**The problem:** Print the listing below a second time, exactly, and omit its images.

<<<<

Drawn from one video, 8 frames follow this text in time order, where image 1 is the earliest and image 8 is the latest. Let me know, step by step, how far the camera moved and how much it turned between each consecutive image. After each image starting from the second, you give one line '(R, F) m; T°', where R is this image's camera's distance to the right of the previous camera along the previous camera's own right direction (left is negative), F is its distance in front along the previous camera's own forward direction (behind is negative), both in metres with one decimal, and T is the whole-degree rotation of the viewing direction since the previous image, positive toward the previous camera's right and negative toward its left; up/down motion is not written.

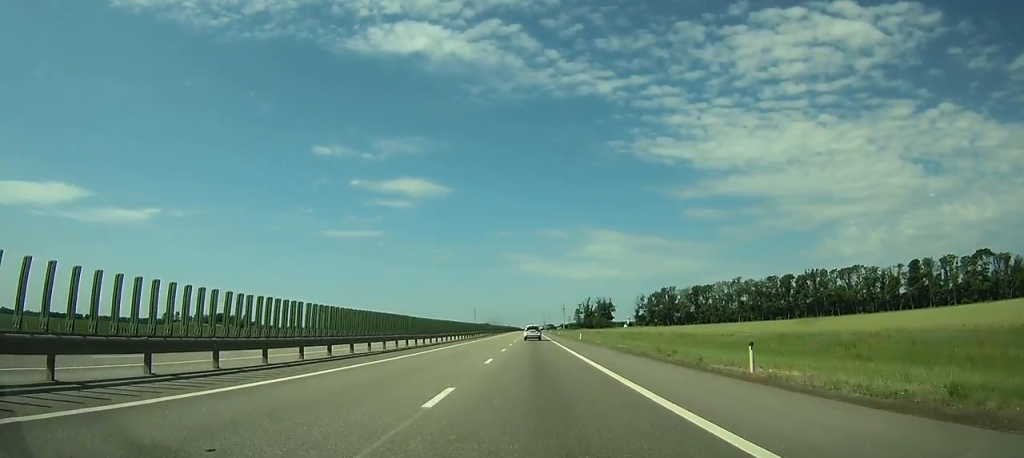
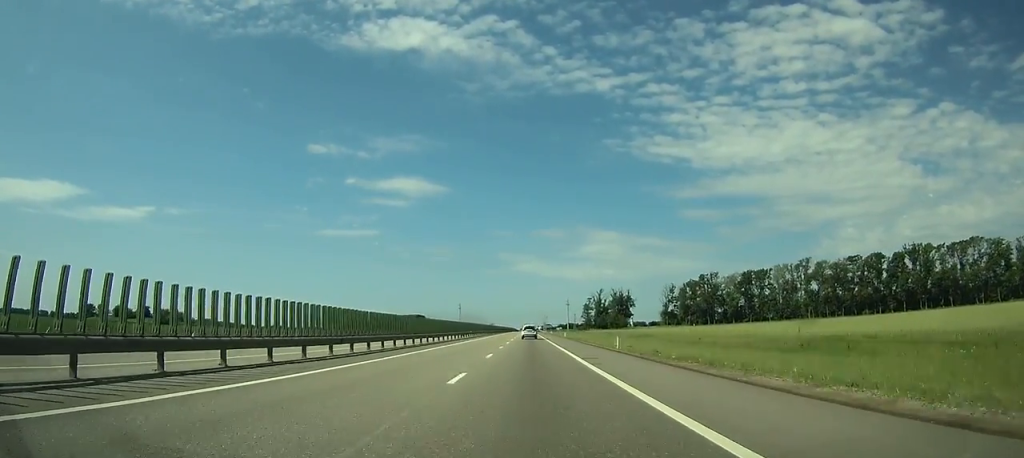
(+0.2, +80.8) m; 0°
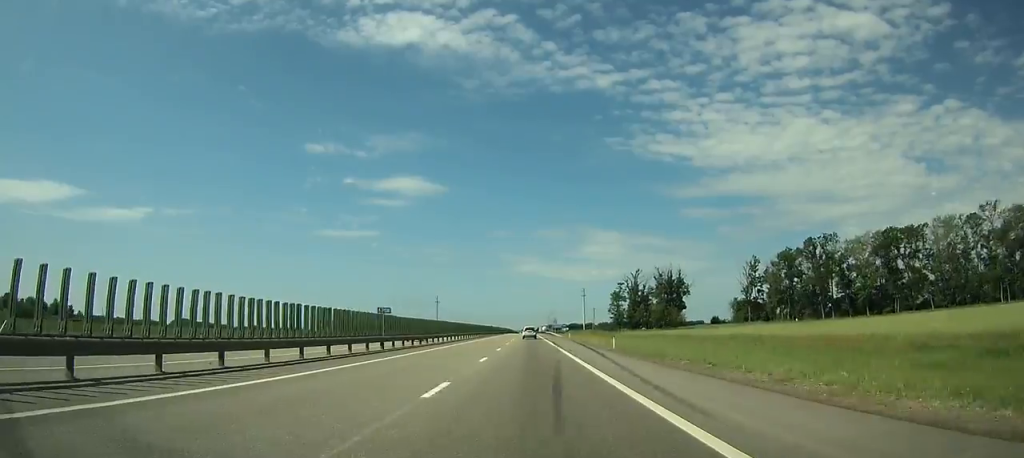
(+0.3, +101.3) m; 0°
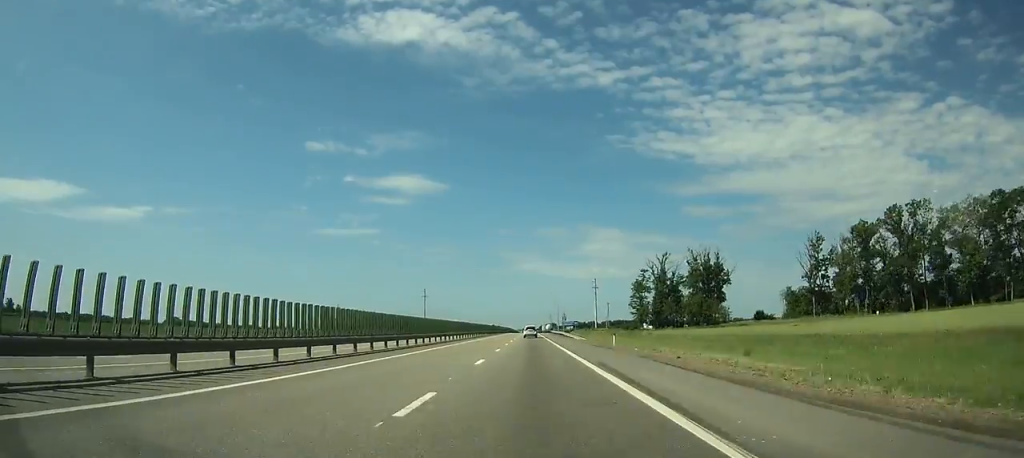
(0.0, +38.4) m; 0°
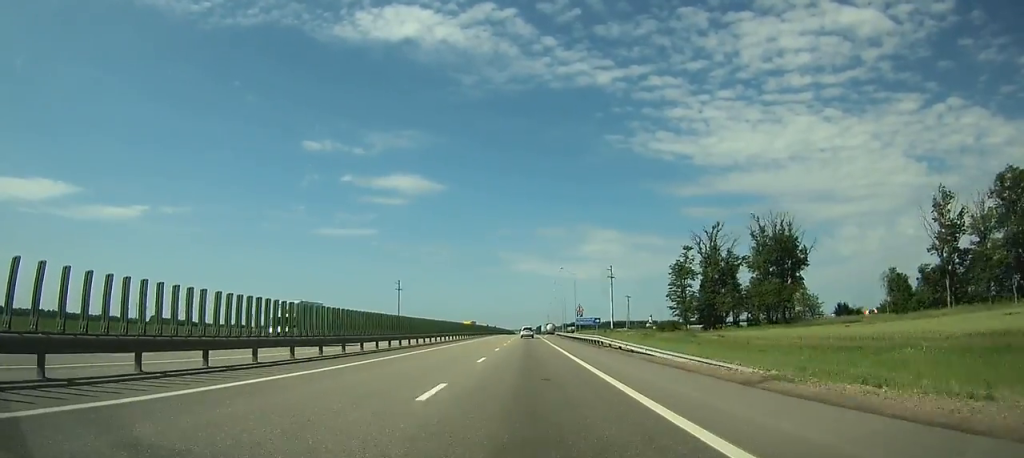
(-0.1, +46.0) m; 0°
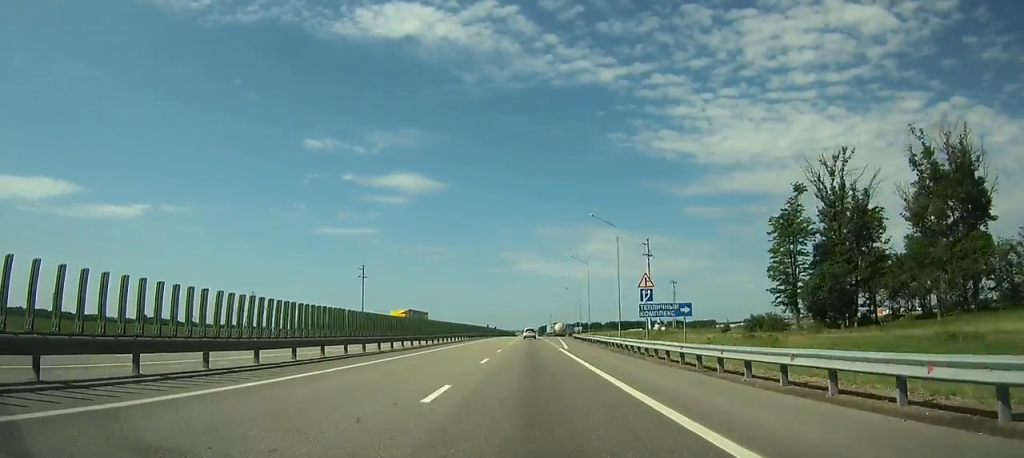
(-0.1, +47.1) m; 0°
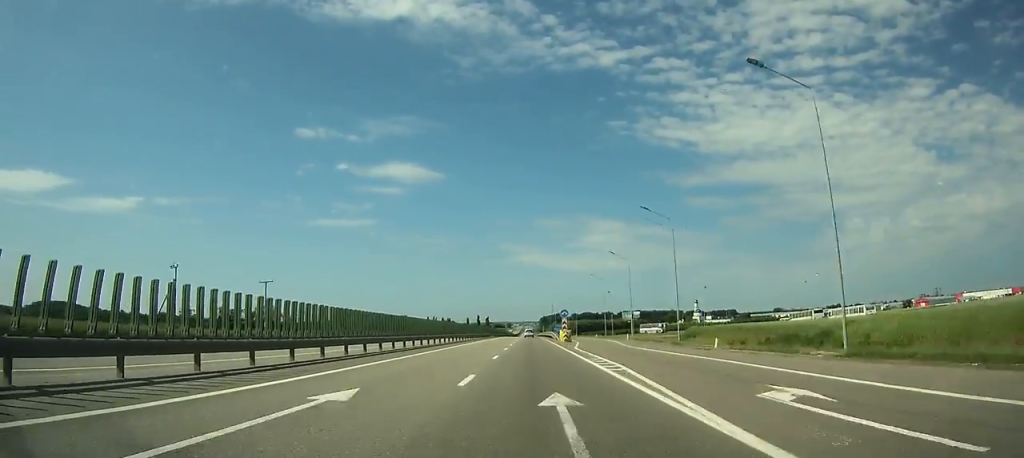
(-0.2, +212.8) m; 0°
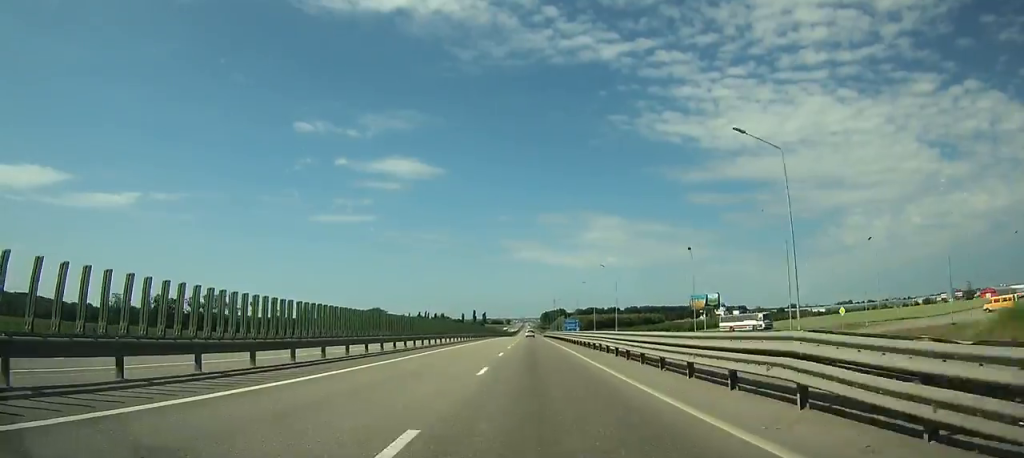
(-0.1, +83.4) m; 0°
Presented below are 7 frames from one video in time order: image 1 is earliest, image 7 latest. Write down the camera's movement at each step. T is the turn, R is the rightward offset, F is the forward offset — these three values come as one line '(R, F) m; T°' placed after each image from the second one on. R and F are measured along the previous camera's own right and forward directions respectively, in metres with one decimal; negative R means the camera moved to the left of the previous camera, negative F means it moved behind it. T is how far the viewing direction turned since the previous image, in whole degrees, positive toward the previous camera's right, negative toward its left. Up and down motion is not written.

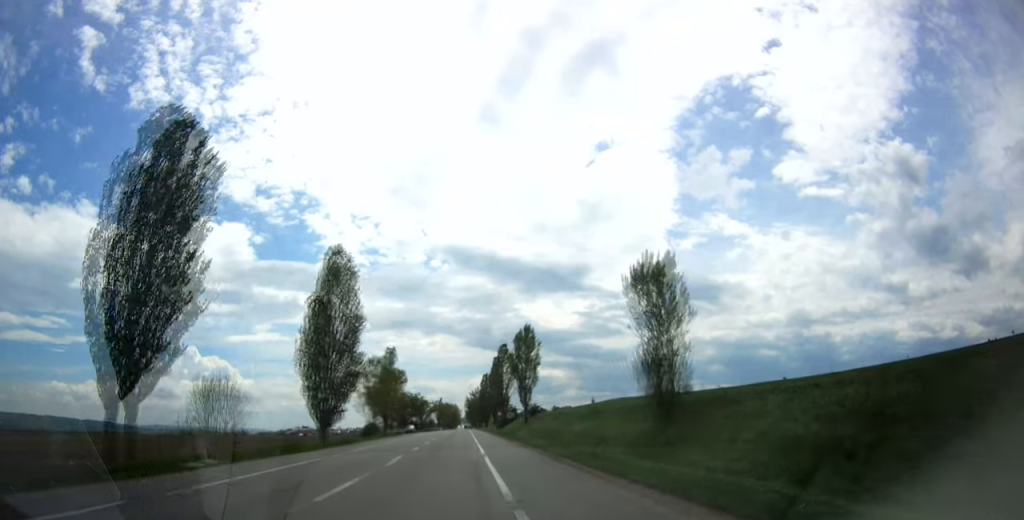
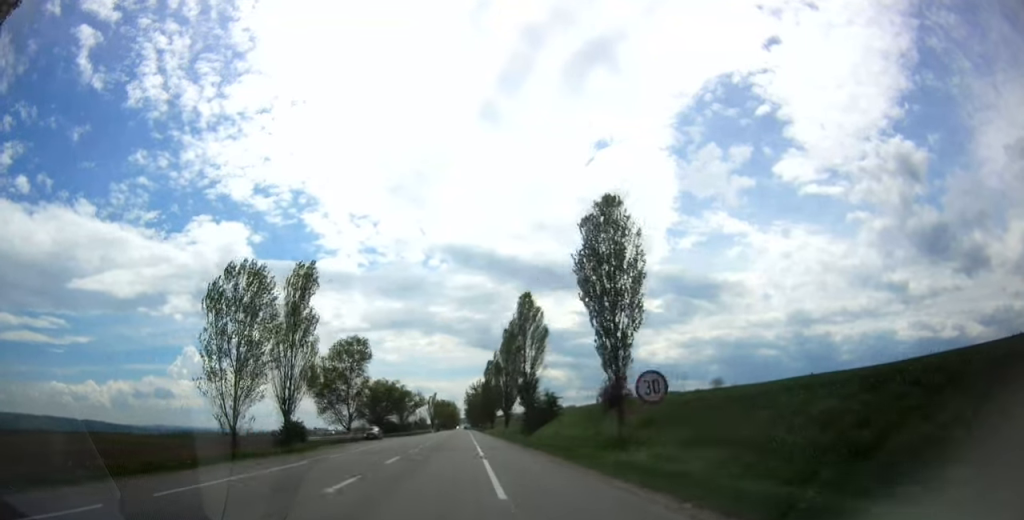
(+0.2, +45.8) m; 0°
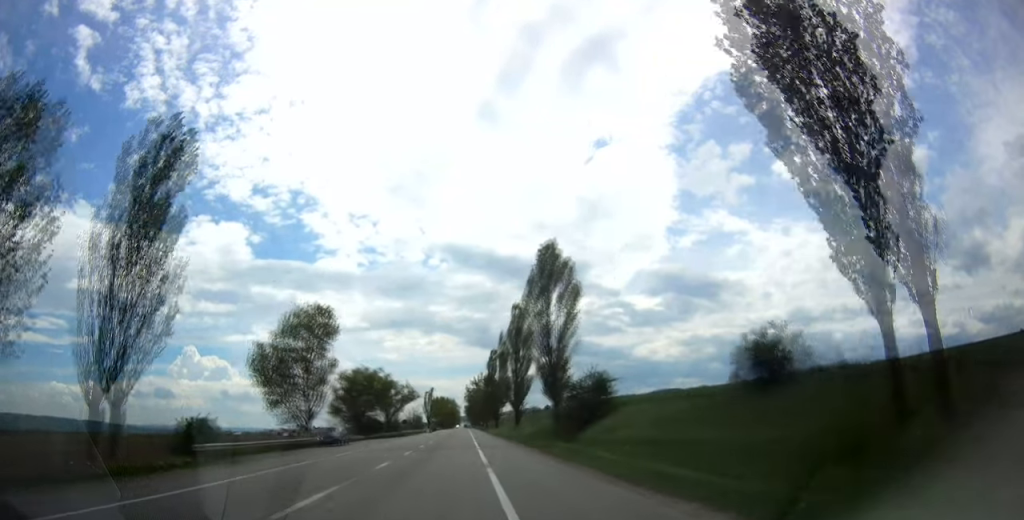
(0.0, +20.7) m; 0°
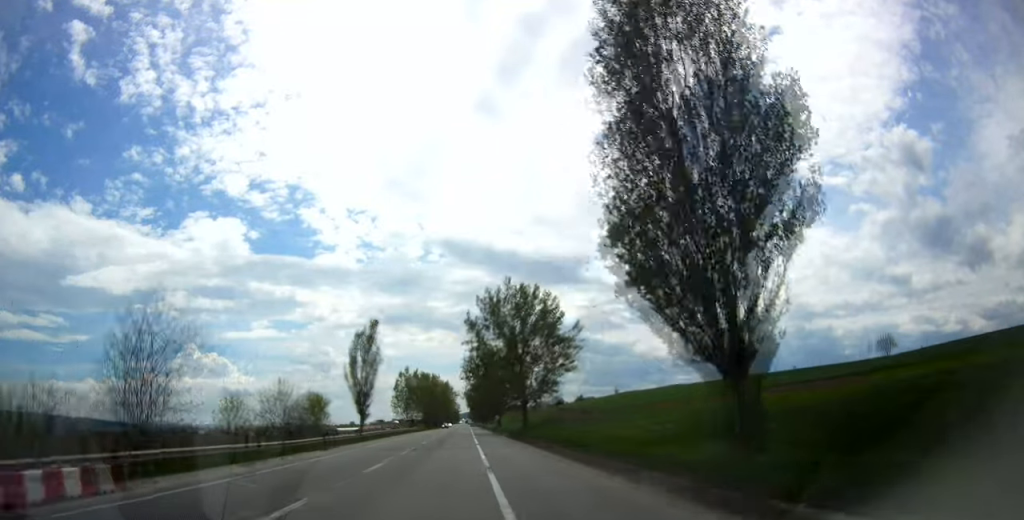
(-0.6, +123.2) m; 0°
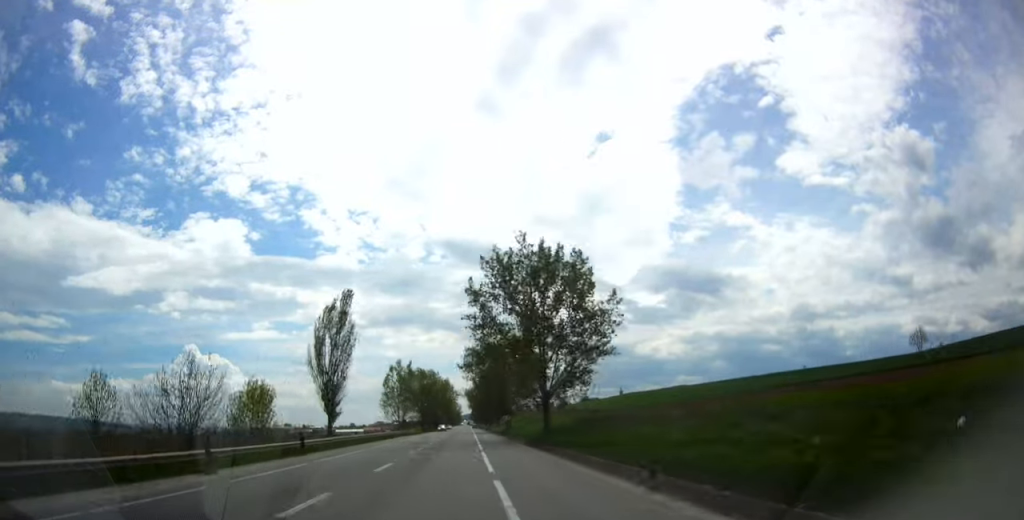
(+0.1, +17.1) m; 0°
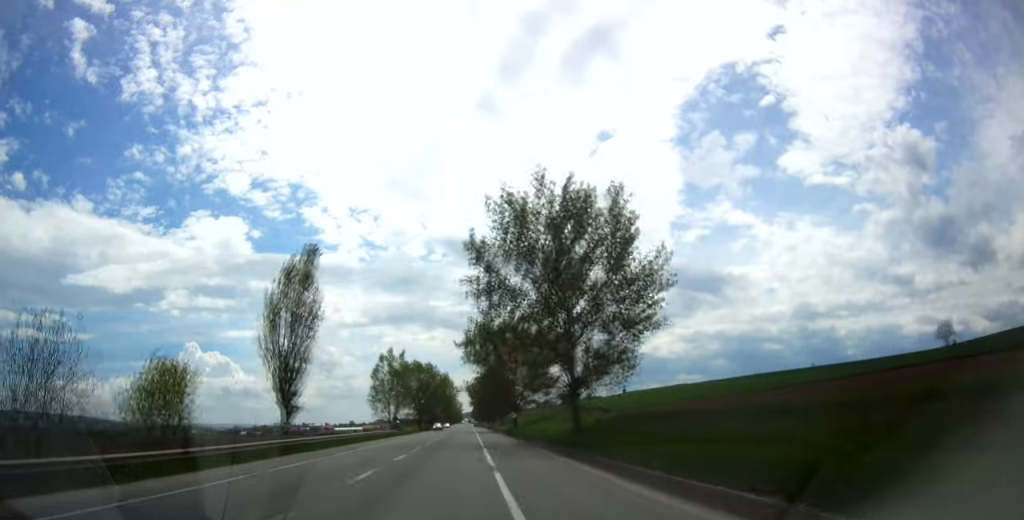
(-0.2, +13.2) m; 0°
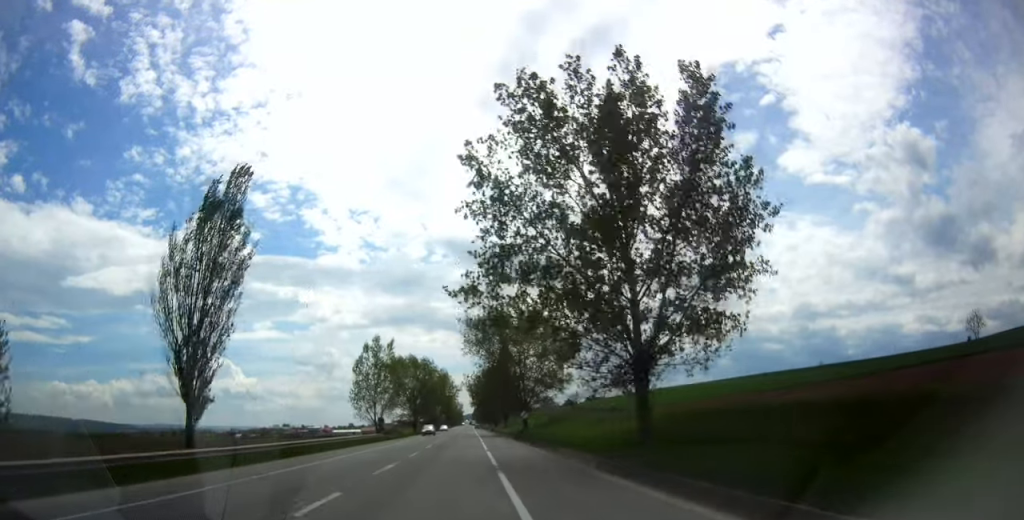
(-0.2, +14.4) m; 0°

>>>>

**Your response:**
Drawn from one video, 8 frames follow this text in time order, where image 1 is the earliest and image 8 is the latest. Let me know, step by step, how far the camera moved and how much it turned between each consecutive image. After each image starting from the second, you give one line '(R, F) m; T°', where R is this image's camera's distance to the right of the previous camera along the previous camera's own right direction (left is negative), F is its distance in front along the previous camera's own forward direction (behind is negative), both in metres with one decimal, and T is the whole-degree rotation of the viewing direction since the previous image, positive toward the previous camera's right and negative toward its left; up/down motion is not written.

(+0.2, +80.8) m; 0°
(+0.3, +101.3) m; 0°
(0.0, +38.4) m; 0°
(-0.1, +46.0) m; 0°
(-0.1, +47.1) m; 0°
(-0.2, +212.8) m; 0°
(-0.1, +83.4) m; 0°
Presented below are 7 frames from one video in time order: image 1 is earliest, image 7 latest. Write down the camera's movement at each step. T is the turn, R is the rightward offset, F is the forward offset — these three values come as one line '(R, F) m; T°' placed after each image from the second one on. R and F are measured along the previous camera's own right and forward directions respectively, in metres with one decimal; negative R means the camera moved to the left of the previous camera, negative F means it moved behind it. T is how far the viewing direction turned since the previous image, in whole degrees, positive toward the previous camera's right, negative toward its left. Up and down motion is not written.

(+0.2, +45.8) m; 0°
(0.0, +20.7) m; 0°
(-0.6, +123.2) m; 0°
(+0.1, +17.1) m; 0°
(-0.2, +13.2) m; 0°
(-0.2, +14.4) m; 0°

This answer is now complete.